(Records from a dataset)
§

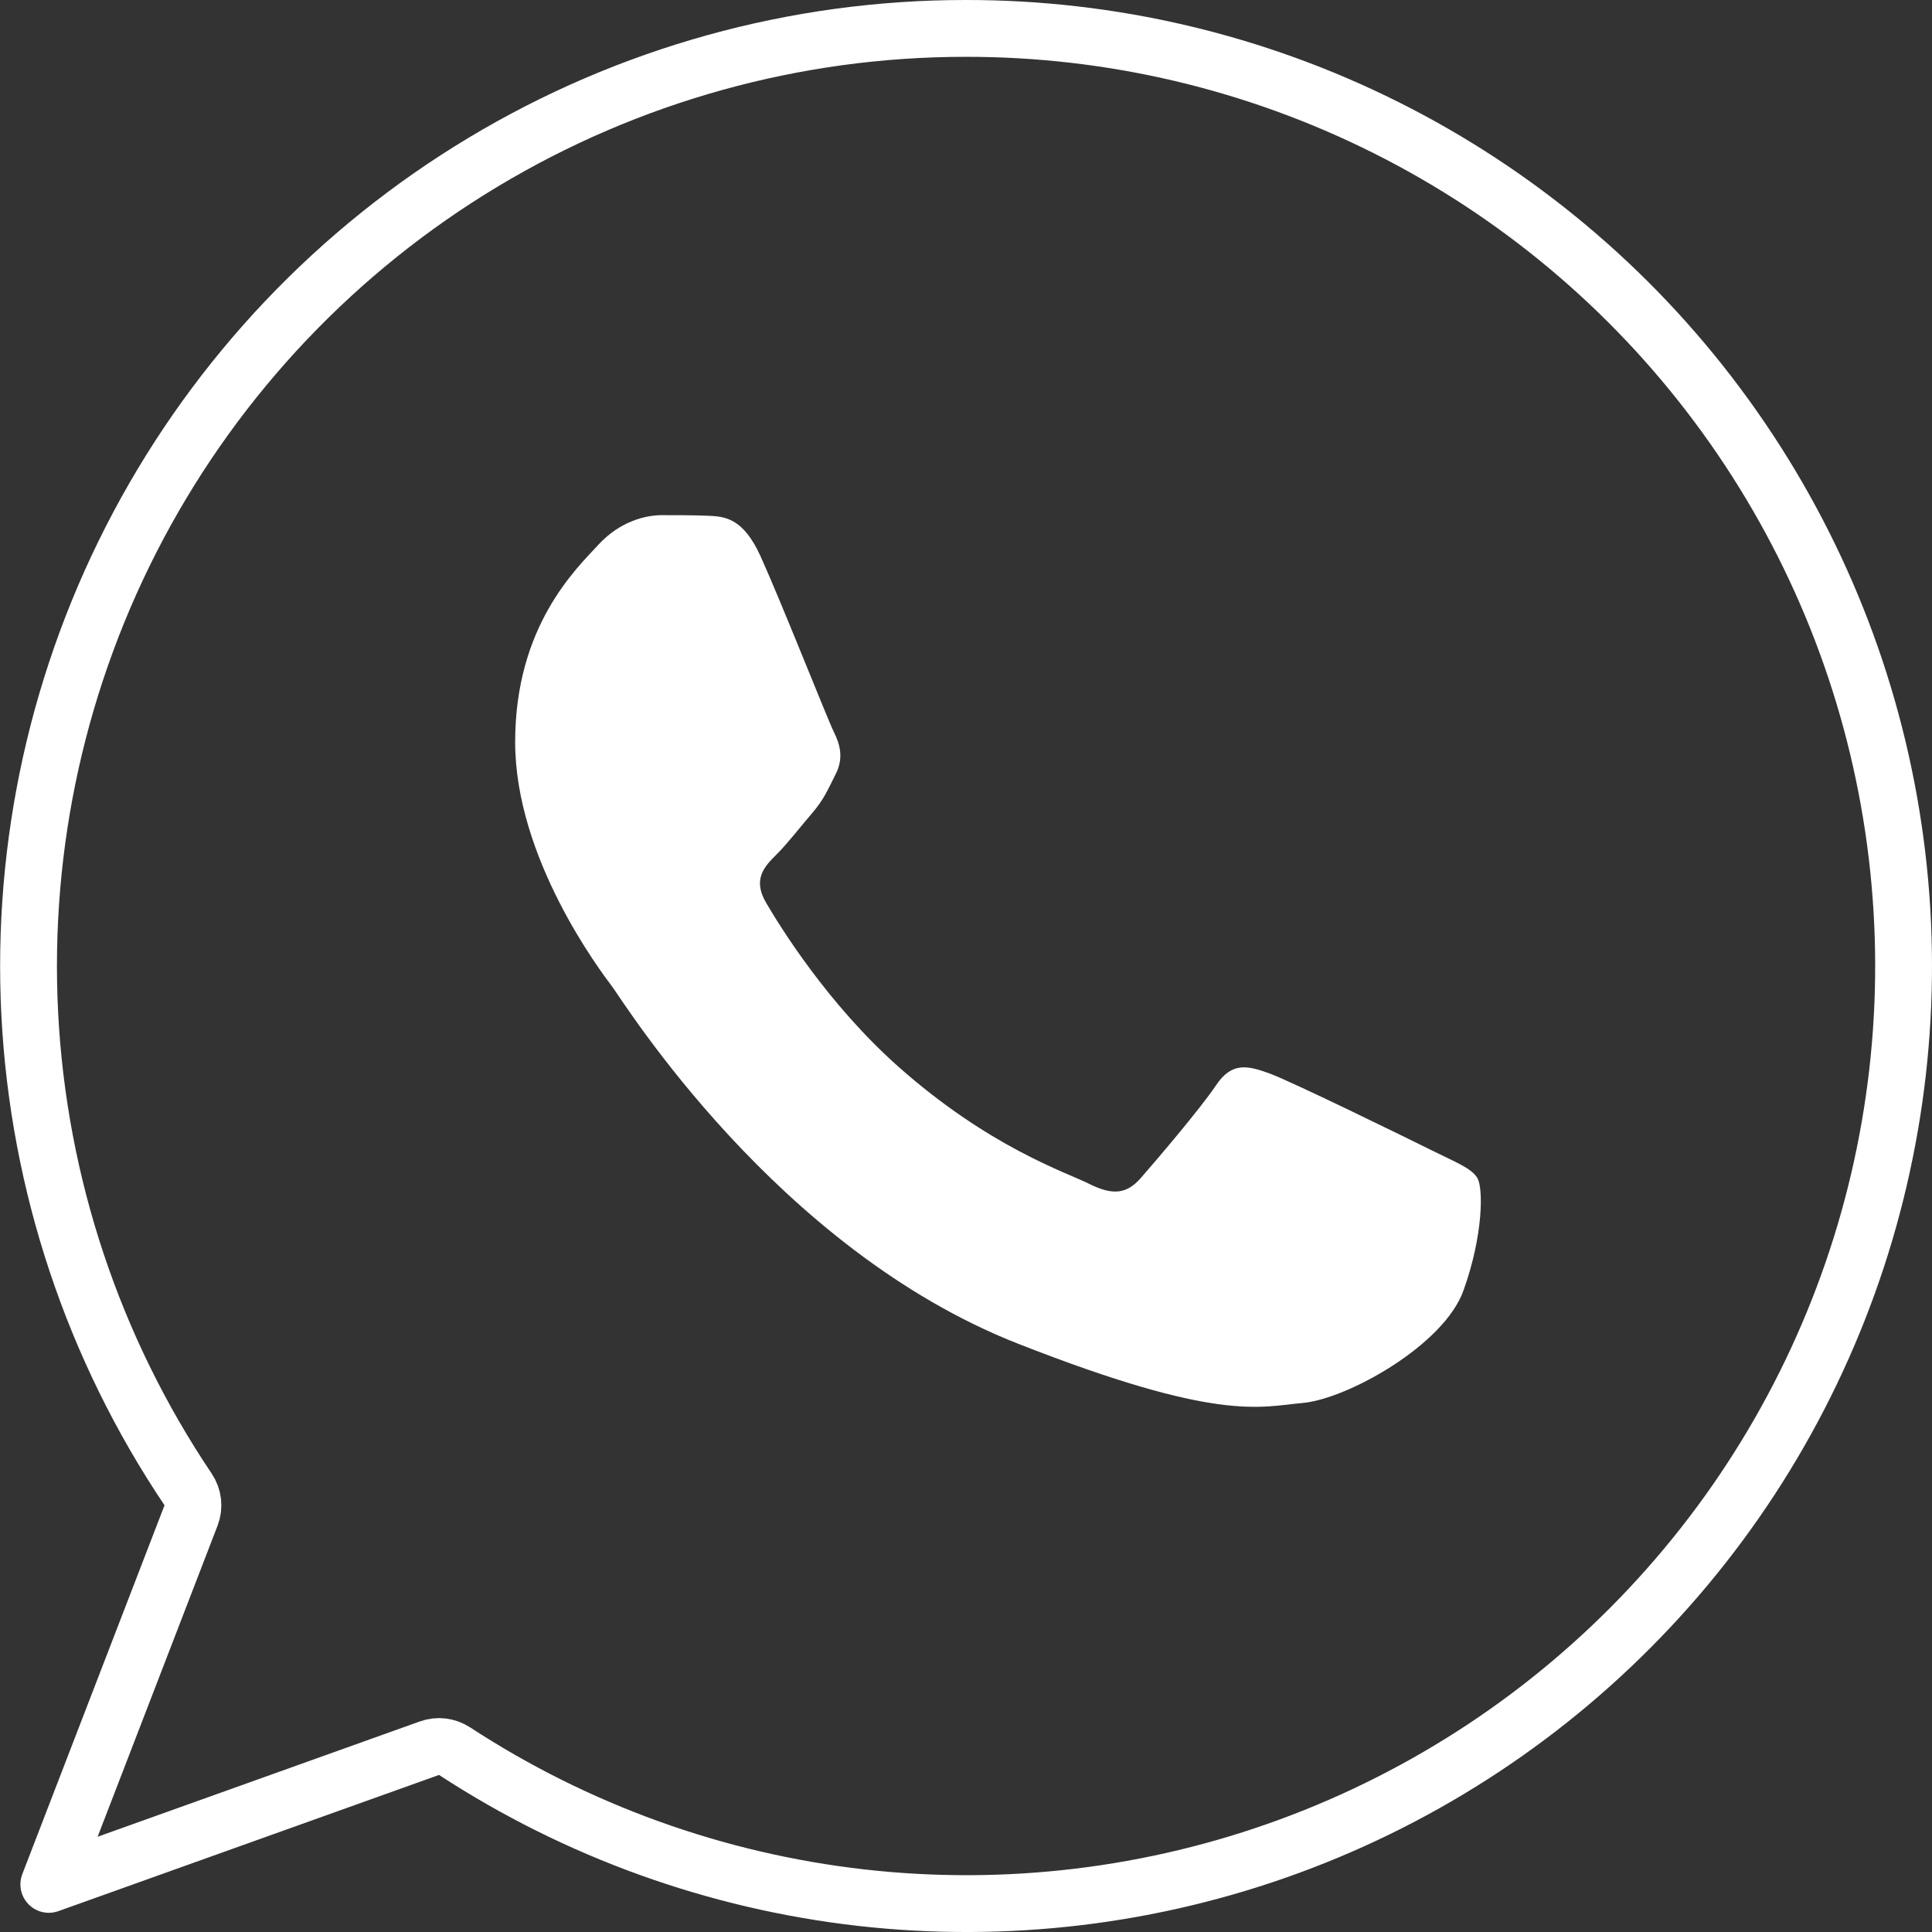 <svg width="34" height="34" viewBox="0 0 34 34" fill="none" xmlns="http://www.w3.org/2000/svg">
<rect x="0" y="0" width="34" height="34" fill="#333333" stroke="none"/>
<path d="M16.988 0.5L16.989 0.5C19.557 0.496 22.09 1.093 24.387 2.243C26.684 3.392 28.681 5.063 30.218 7.122C31.756 9.18 32.792 11.569 33.243 14.1C33.695 16.63 33.549 19.23 32.819 21.694C32.088 24.158 30.793 26.417 29.035 28.291C27.278 30.165 25.107 31.602 22.697 32.488C20.286 33.374 17.702 33.685 15.15 33.395C12.599 33.104 10.15 32.222 7.999 30.817C7.868 30.732 7.705 30.712 7.558 30.765L0.859 33.162L3.362 26.67C3.421 26.518 3.401 26.347 3.31 26.211C1.641 23.729 0.678 20.838 0.524 17.85C0.37 14.862 1.031 11.887 2.436 9.246C3.841 6.605 5.937 4.396 8.501 2.855C11.064 1.314 13.998 0.5 16.988 0.5Z" stroke="white" stroke-linecap="round" stroke-linejoin="round"/>
<path fill-rule="evenodd" clip-rule="evenodd" d="M13.387 9.795C13.074 9.102 12.744 9.088 12.446 9.076C12.202 9.066 11.923 9.066 11.645 9.066C11.366 9.066 10.913 9.171 10.53 9.587C10.147 10.004 9.066 11.011 9.066 13.059C9.066 15.107 10.565 17.086 10.774 17.364C10.983 17.642 13.666 21.979 17.916 23.647C21.448 25.034 22.167 24.758 22.933 24.689C23.7 24.619 25.407 23.682 25.755 22.71C26.104 21.738 26.104 20.905 25.999 20.731C25.895 20.557 25.616 20.453 25.198 20.245C24.78 20.037 22.724 19.03 22.341 18.891C21.957 18.752 21.679 18.683 21.4 19.099C21.121 19.516 20.32 20.453 20.076 20.731C19.832 21.009 19.589 21.044 19.17 20.835C18.752 20.627 17.406 20.188 15.808 18.77C14.565 17.666 13.726 16.304 13.482 15.887C13.238 15.471 13.456 15.245 13.666 15.037C13.854 14.851 14.084 14.552 14.293 14.309C14.502 14.066 14.571 13.892 14.711 13.614C14.85 13.336 14.78 13.093 14.676 12.885C14.571 12.677 13.759 10.618 13.387 9.795Z" fill="white"/>
</svg>

§

*Task to complete*
Quote every record above exactly, omitting any pictures they contain.

*Task output*
 <svg width="34" height="34" viewBox="0 0 34 34" fill="none" xmlns="http://www.w3.org/2000/svg">
<rect x="0" y="0" width="34" height="34" fill="#333333" stroke="none"/>
<path d="M16.988 0.5L16.989 0.5C19.557 0.496 22.09 1.093 24.387 2.243C26.684 3.392 28.681 5.063 30.218 7.122C31.756 9.18 32.792 11.569 33.243 14.1C33.695 16.63 33.549 19.23 32.819 21.694C32.088 24.158 30.793 26.417 29.035 28.291C27.278 30.165 25.107 31.602 22.697 32.488C20.286 33.374 17.702 33.685 15.15 33.395C12.599 33.104 10.15 32.222 7.999 30.817C7.868 30.732 7.705 30.712 7.558 30.765L0.859 33.162L3.362 26.67C3.421 26.518 3.401 26.347 3.31 26.211C1.641 23.729 0.678 20.838 0.524 17.85C0.37 14.862 1.031 11.887 2.436 9.246C3.841 6.605 5.937 4.396 8.501 2.855C11.064 1.314 13.998 0.5 16.988 0.5Z" stroke="white" stroke-linecap="round" stroke-linejoin="round"/>
<path fill-rule="evenodd" clip-rule="evenodd" d="M13.387 9.795C13.074 9.102 12.744 9.088 12.446 9.076C12.202 9.066 11.923 9.066 11.645 9.066C11.366 9.066 10.913 9.171 10.53 9.587C10.147 10.004 9.066 11.011 9.066 13.059C9.066 15.107 10.565 17.086 10.774 17.364C10.983 17.642 13.666 21.979 17.916 23.647C21.448 25.034 22.167 24.758 22.933 24.689C23.7 24.619 25.407 23.682 25.755 22.71C26.104 21.738 26.104 20.905 25.999 20.731C25.895 20.557 25.616 20.453 25.198 20.245C24.78 20.037 22.724 19.03 22.341 18.891C21.957 18.752 21.679 18.683 21.4 19.099C21.121 19.516 20.32 20.453 20.076 20.731C19.832 21.009 19.589 21.044 19.17 20.835C18.752 20.627 17.406 20.188 15.808 18.77C14.565 17.666 13.726 16.304 13.482 15.887C13.238 15.471 13.456 15.245 13.666 15.037C13.854 14.851 14.084 14.552 14.293 14.309C14.502 14.066 14.571 13.892 14.711 13.614C14.85 13.336 14.78 13.093 14.676 12.885C14.571 12.677 13.759 10.618 13.387 9.795Z" fill="white"/>
</svg>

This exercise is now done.